2. in accordance with the method for claim 1, it is characterised in that:Raw material Qing Ye oxanes (2,4- diisopropyl -5,5- diformazans
Base -1,3- dioxanes) and isobutyric acid mixing after preheat temperature can with first paragraph fixed bed reactors (1) set temperature it is identical
Or it is different.
3. in accordance with the method for claim 1, it is characterised in that:
Into the raw material Qing Ye oxanes (2,4- diisopropyl -5,5- dimethyl -1,3- dioxanes) of first paragraph fixed bed reactors
It is 0.2-0.3 with isobutyric mol ratio:1;
The mass flow for entering into second segment fixed bed reactors is 1-5 times of first paragraph fixed bed reactors inlet amount;
Two-part fixed bed continuous catalysis cracking esterification reaction temperature is 100-180 DEG C;
The cracking esterification air speed of two sections of described fixed bed reactors is 1-10h-1。

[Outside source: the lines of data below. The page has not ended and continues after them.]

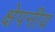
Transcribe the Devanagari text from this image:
क्षेपनीय
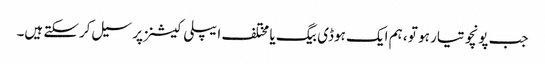
جب پونچو تیار ہو تو ، ہم ایک ہوڈی بیگ یا مختلف ایپلی کیشنز پر سیل کرسکتے ہیں۔
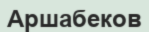
Аршабеков
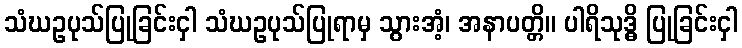
သံဃဥပုသ်ပြုခြင်းငှါ သံဃဥပုသ်ပြုရာမှ သွားအံ့၊ အနာပတ္တိ။ ပါရိသုဒ္ဓိ ပြုခြင်းငှါ
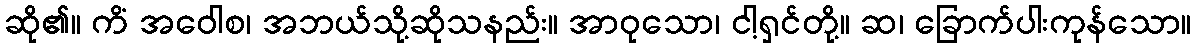
ဆို၏။ ကိံ အဝေါစ၊ အဘယ်သို့ဆိုသနည်း။ အာဝုသော၊ ငါ့ရှင်တို့။ ဆ၊ ခြောက်ပါးကုန်သော။
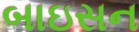
બાઇસન
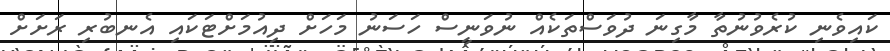
ކައިވެނި ކުރެވުނުތާ މާގިނަ ދުވަސްތަކެއް ނުވަނީސް ހަސަނު މަހަށް ދިއުމަށްޓަކައި އެނބުރި ރަށަށް
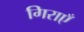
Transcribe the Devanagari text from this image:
गिराएँ
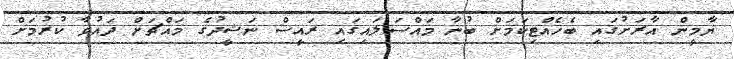
ޔާމީން އާރަށުގައި ބެހެއްޓިކަމަށް ބުނާ މައްސަލައިގައި ރައީސް ނަޝީދުގެ މައްޗަށް ދައުވާ ކުރުމަށް
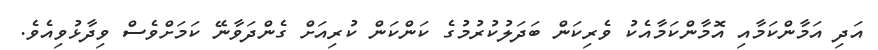
އަދި އަމާންކަމާއި އޮމާންކަމާއެކު ވެރިކަން ބަދަލުކުރުމުގެ ކަންކަން ކުރިއަށް ގެންދަވާނޭ ކަމަށްވެސް ވިދާޅުވިއެވެ.
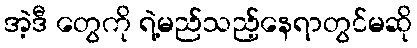
အဲ့ဒီ တွေကို ရဲ့မည်သည့်နေရာတွင်မဆို
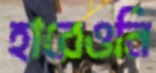
হারেওনি
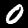
Digit: 0
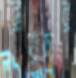
রোয়েদার
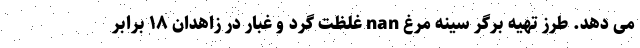
می دهد. طرز تهیه برگر سینه مرغ nan غلظت گرد و غبار در زاهدان ۱۸ برابر
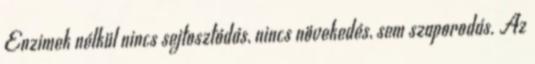
Enzimek nélkül nincs sejtosztódás, nincs növekedés, sem szaporodás. Az
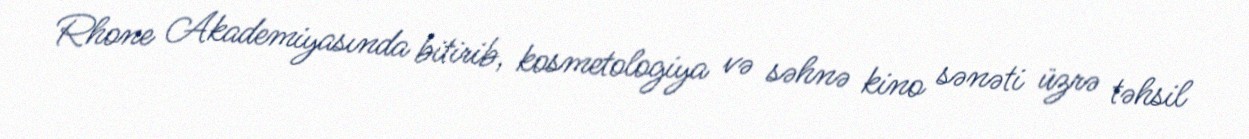
Rhone Akademiyasında bitirib, kosmetologiya və səhnə kino sənəti üzrə təhsil
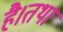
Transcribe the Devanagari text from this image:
है।तथा
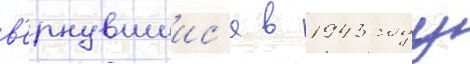
в'ернувшиис'я в 1943 году
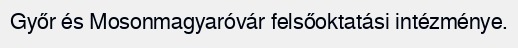
Győr és Mosonmagyaróvár felsőoktatási intézménye.
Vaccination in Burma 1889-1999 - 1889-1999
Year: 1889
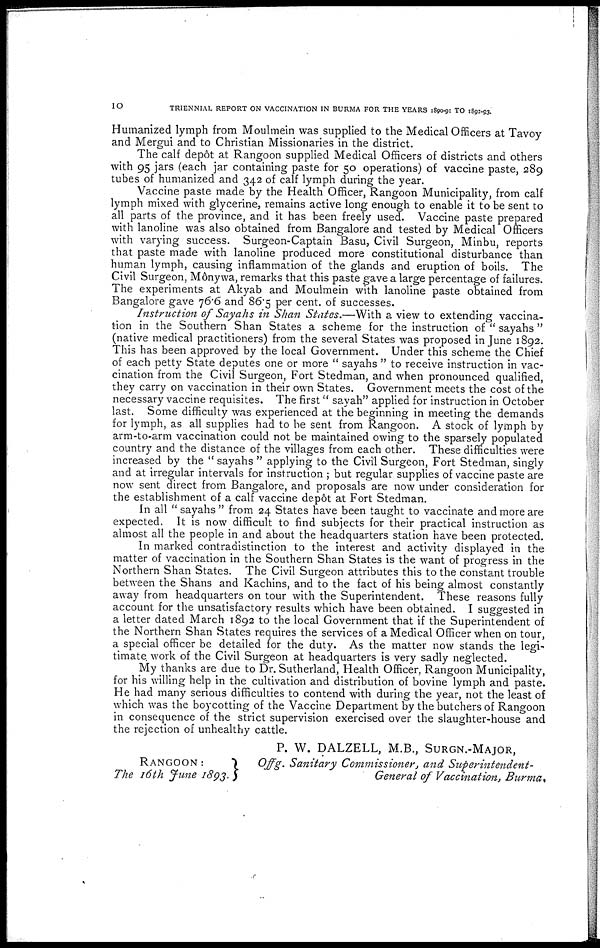
10
TRIENNIAL REPORT ON VACCINATION IN BURMA FOR THE YEARS 1890-91 TO 1892-93.
Humanized lymph from Moulmein was supplied to the Medical Officers at Tavoy
and Mergui and to Christian Missionaries in the district.
The calf depot at Rangoon supplied Medical Officers of districts and others
with 95 jars (each jar containing paste for 50 operations) of vaccine paste, 289
tubes of humanized and 342 of calf lymph during the year.
Vaccine paste made by the Health Officer, Rangoon Municipality, from calf
lymph mixed with glycerine, remains active long enough to enable it to be sent to
all parts of the province, and it has been freely used. Vaccine paste prepared
with lanoline was also obtained from Bangalore and tested by Medical Officers
with varying success. Surgeon-Captain Basu, Civil Surgeon, Minbu, reports
that paste made with lanoline produced more constitutional disturbance than
human lymph, causing inflammation of the glands and eruption of boils. The
Civil Surgeon, M6nywa, remarks that this paste gave a large percentage of failures.
The experiments at Akyab and Moulmein with lanoline paste obtained from
Bangalore gave 76.6 and 86.5 per cent. of successes.
Instruction of Sayahs in Shan States.—With a view to extending vaccina-
tion in the Southern Shan States a scheme for the instruction of " sayahs "
(native medical practitioners) from the several States was proposed in June 1892.
This has been approved by the local Government. Under this scheme the Chief
of each petty State deputes one or more " sayahs " to receive instruction in vac-
cination from the Civil Surgeon, Fort Stedman, and when pronounced qualified,
they carry on vaccination in their own States. Government meets the cost of the
necessary vaccine requisites. The first" sayah" applied for instruction in October
last. Some difficulty was experienced at the beginning in meeting the demands
for lymph, as all supplies had to be sent from Rangoon. A stock of lymph by
arm-to-arm vaccination could not be maintained owing to the sparsely populated
country and the distance of the villages from each other. These difficulties were
increased by the " sayahs " applying to the Civil Surgeon, Fort Stedman, singly
and at irregular intervals for instruction ; but regular supplies of vaccine paste are
now sent direct from Bangalore, and proposals are now under consideration for
the establishment of a calf vaccine dep6t at Fort Stedman.
In all " sayahs " from 24 States have been taught to vaccinate and more are
expected. It is now difficult to find subjects for their practical instruction as
almost all the people in and about the headquarters station have been protected.
In marked contradistinction to the interest and activity displayed in the
matter of vaccination in the Southern Shan States is the want of progress in the
Northern Shan States. The Civil Surgeon attributes this to the constant trouble
between the Shans and Kachins, and to the fact of his being almost constantly
away from headquarters on tour with the Superintendent. These reasons fully
account for the unsatisfactory results which have been obtained. I suggested in
a letter dated March 1892 to the local Government that if the Superintendent of
the Northern Shan States requires the services of a Medical Officer when on tour,
a special officer be detailed for the duty. As the matter now stands the legi-
timate, work of the Civil Surgeon at headquarters is very sadly neglected.
My thanks are due to Dr. Sutherland, Health Officer, Rangoon Municipality,
for his willing help in the cultivation and distribution of bovine lymph and paste.
He had many serious difficulties to contend with during the year, not the least of
which was the boycotting of the Vaccine Department by the butchers of Rangoon
in consequence of the strict supervision exercised over the slaughter-house and
the rejection of unhealthy cattle.
P. W. DALZELL, M.B., SURGAN-MAJOR,
Offg. Sanitary Commissioner, and Superintendent-
General of Vaccination, Burma.
RANGOON:
The 16th June 1893.
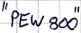
Text: "PEW800"
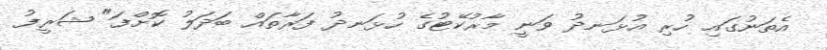
އެތަނުގައި ހުރި އުޅަނދު ވަނީ މާރުކޭޓުގެ ހުޅަނދު ފަރާތައް ބަދަލު ކޮށްފަ" ޝަރީފު
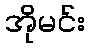
အိုမင်း
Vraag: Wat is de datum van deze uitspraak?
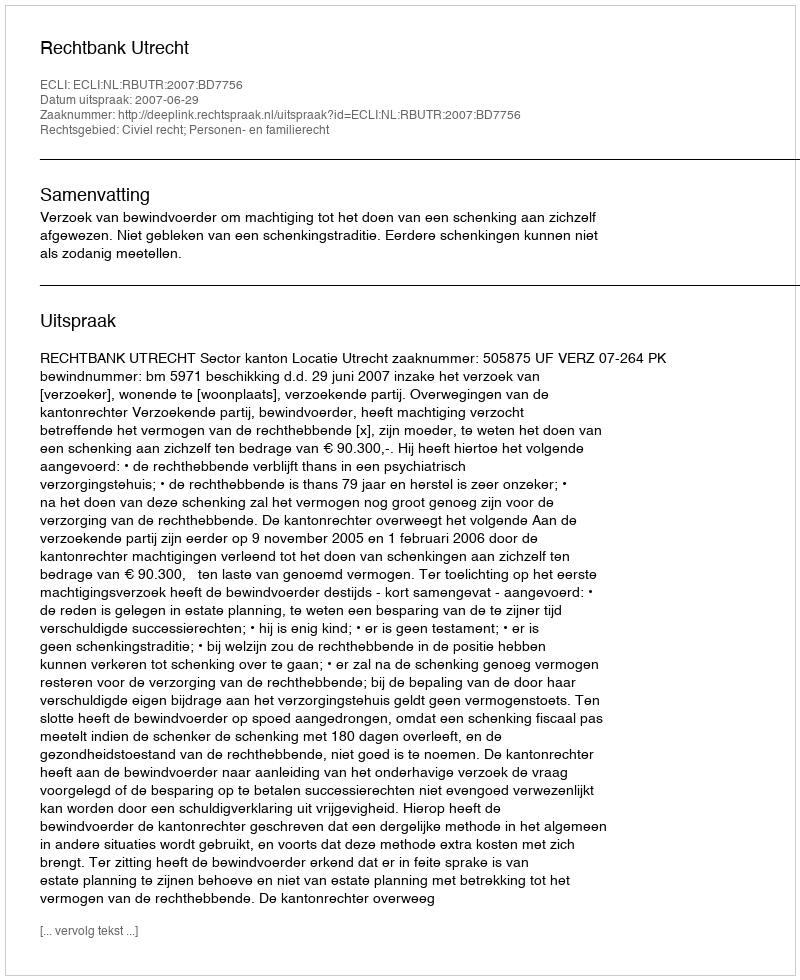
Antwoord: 2007-06-29
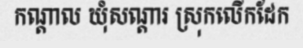
កណ្តាល ឃុំសណ្តារ ស្រុកលើកដែក
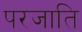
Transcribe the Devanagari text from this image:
परजाति
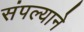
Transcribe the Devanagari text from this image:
संपल्‍याने
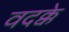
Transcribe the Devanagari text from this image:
वदक्के
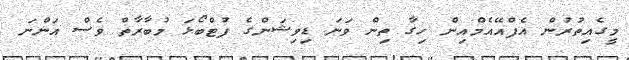
މީގެއިތުރުން އެެފްއޭއެމްއިން ހިގާ ތިން ވަނަ ޑިވިޝަންގެ ފުޓްބޯޅަ މުބާރާތް ވެސް އަންނަ
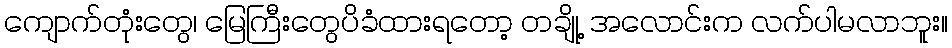
ကျောက်တုံးတွေ၊ မြေကြီးတွေပိခံထားရတော့ တချို့ အလောင်းက လက်ပါမလာဘူး။
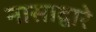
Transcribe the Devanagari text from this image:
नासाद्वारे
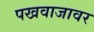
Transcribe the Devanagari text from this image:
पखवाजावर
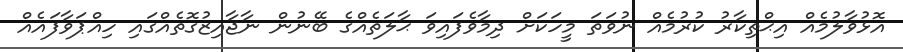
އޮޅުވާލުމެއް އިޙްތިކާރު ކުރުމެއް ނުވަތަ މީހަކަށް ދިމާވެފައިވަ ޙާލަތެއްގެ ބޭނުން ނާޖާއިޒުގޮތެއްގައި ހިއްޕަވާފައެއް
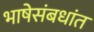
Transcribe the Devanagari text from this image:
भाषेसंबधांत
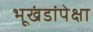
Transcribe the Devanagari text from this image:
भूखंडांपेक्षा
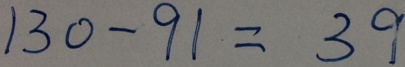
1 3 0 - 9 1 = 3 9
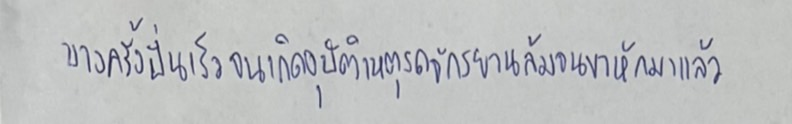
บางครั้งปั่นเร็วจนเกิดอุบัติเหตุรถจักรยานล้มจนขาหักมาแล้ว
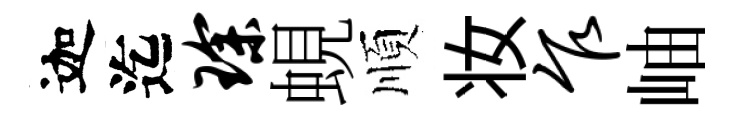
迦迄琛蜆順妆乍岫
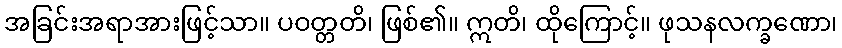
အခြင်းအရာအားဖြင့်သာ။ ပဝတ္တတိ၊ ဖြစ်၏။ ဣတိ၊ ထိုကြောင့်။ ဖုသနလက္ခဏော၊
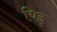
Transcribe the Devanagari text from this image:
चिह्नृ
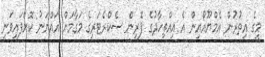
މީގެ އިތުރުން އެމްޔޫއޯއިން އެ އިއްތިހާދުގެ ފޮރިން ސެކްރެޓަރީގެ މަގާމަށް އައްޔަނު ކޮށްފައިވަނީ
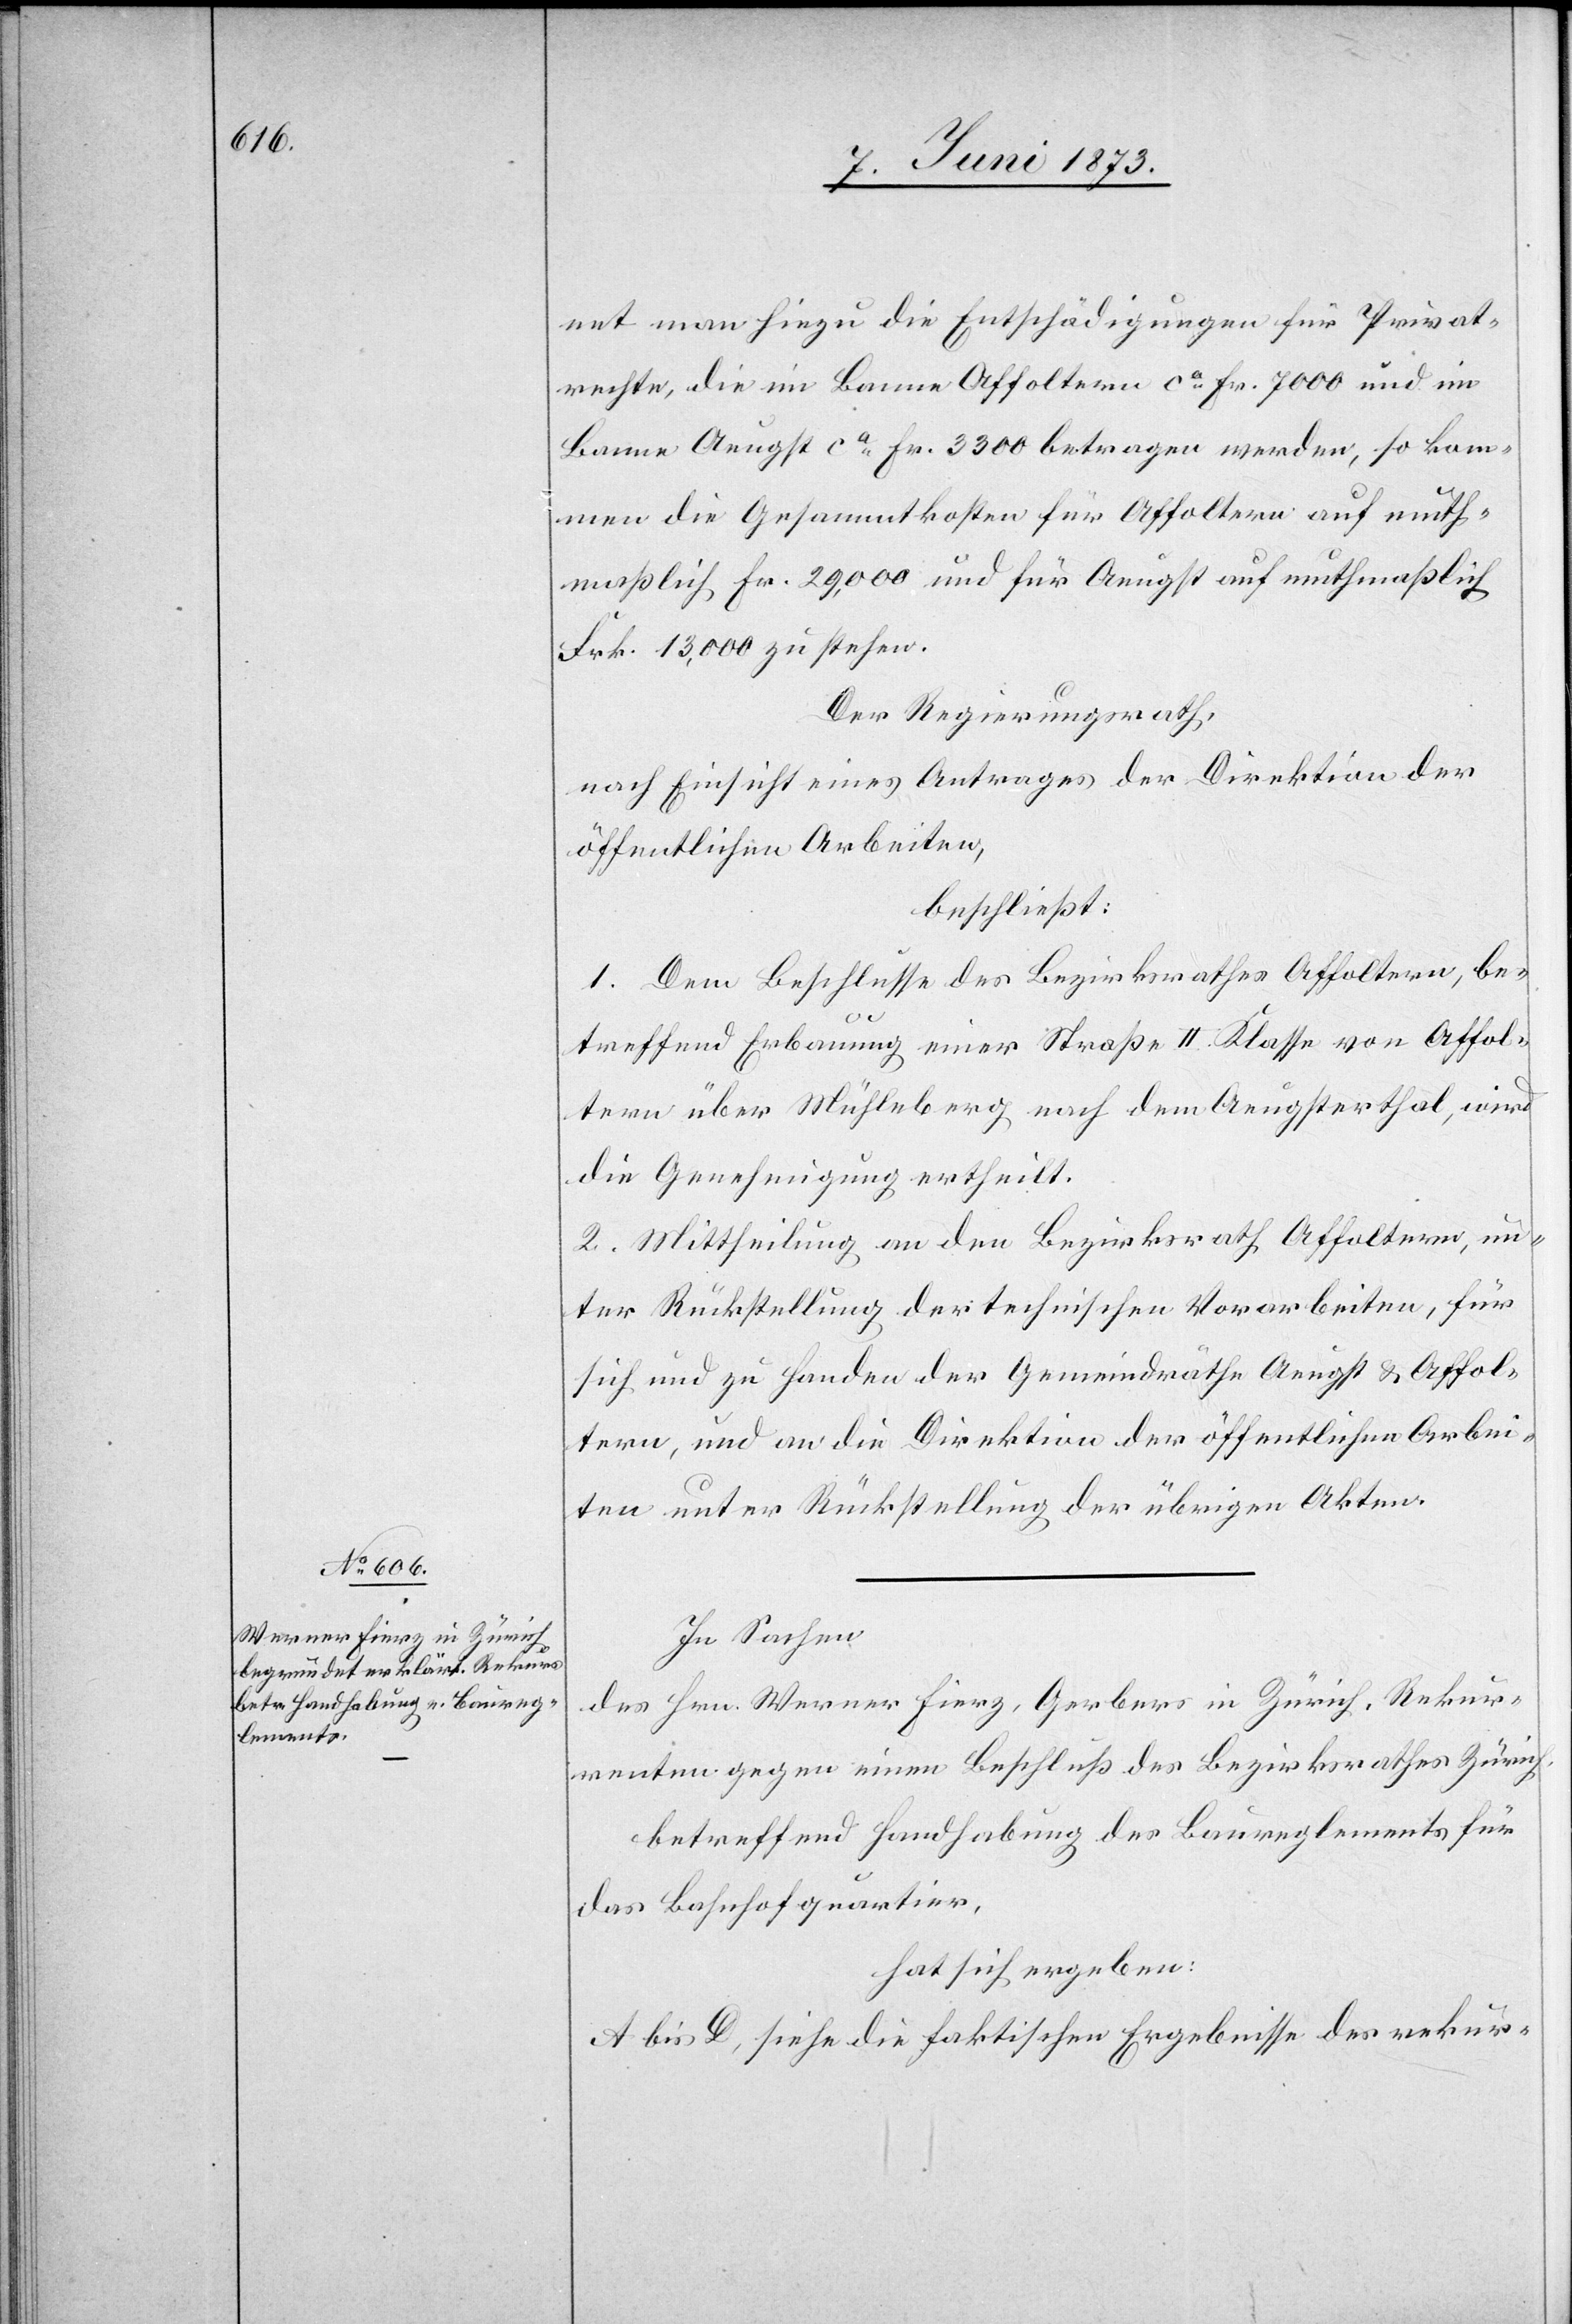
net man hiezu die Entschädigungen für Privat¬
rechte, die im Banne Affoltern ca Fr. 7 000 und im
Banne Aeugst ca Fr. 3 300 betragen werden, so kom¬
men die Gesammtkosten für Affoltern auf muth¬
maßlich Fr. 29,000 und für Aeugst auf muthmaßlich
Frk. 13,000 zu stehen.
Der Regierungsrath,
nach Einsicht eines Antrages der Direktion der
öffentlichen Arbeiten,
beschließt:
1. Dem Beschlusse des Bezirksrathes Affoltern, be¬
treffend Erbauung einer Straße II. Klasse von Affol¬
tern über Mühleberg nach dem Aeugsterthal, wird
die Genehmigung ertheilt.
2. Mittheilung an den Bezirksrath Affoltern, un¬
ter Rückstellung der technischen Vorarbeiten, für
sich und zu Handen der Gemeindräthe Aeugst & Affol¬
tern, und an die Direktion der öffentlichen Arbei¬
ten unter Rückstellung der übrigen Akten.
In Sachen
des Hrn. Werner Fierz, Gerbers in Zürich, Rekur¬
renten gegen einen Beschluß des Bezirksrathes Zürich,
betreffend Handhabung des Baureglements für
das Bahnhofquartier,
hat sich ergeben:
A bis D, siehe die faktischen Ergebnisse des rekur-
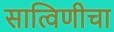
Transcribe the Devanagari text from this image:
सात्विणीचा

4. in accordance with the method for claim 1, it is characterised in that:
The mass flow for entering into second segment fixed bed reactors is 2-3 times of first paragraph fixed bed reactors inlet amount;
Two-part fixed bed continuous catalysis cracking esterification reaction temperature is 120-160 DEG C;
The cracking esterification air speed of two sections of described fixed bed reactors is 3-8h-1。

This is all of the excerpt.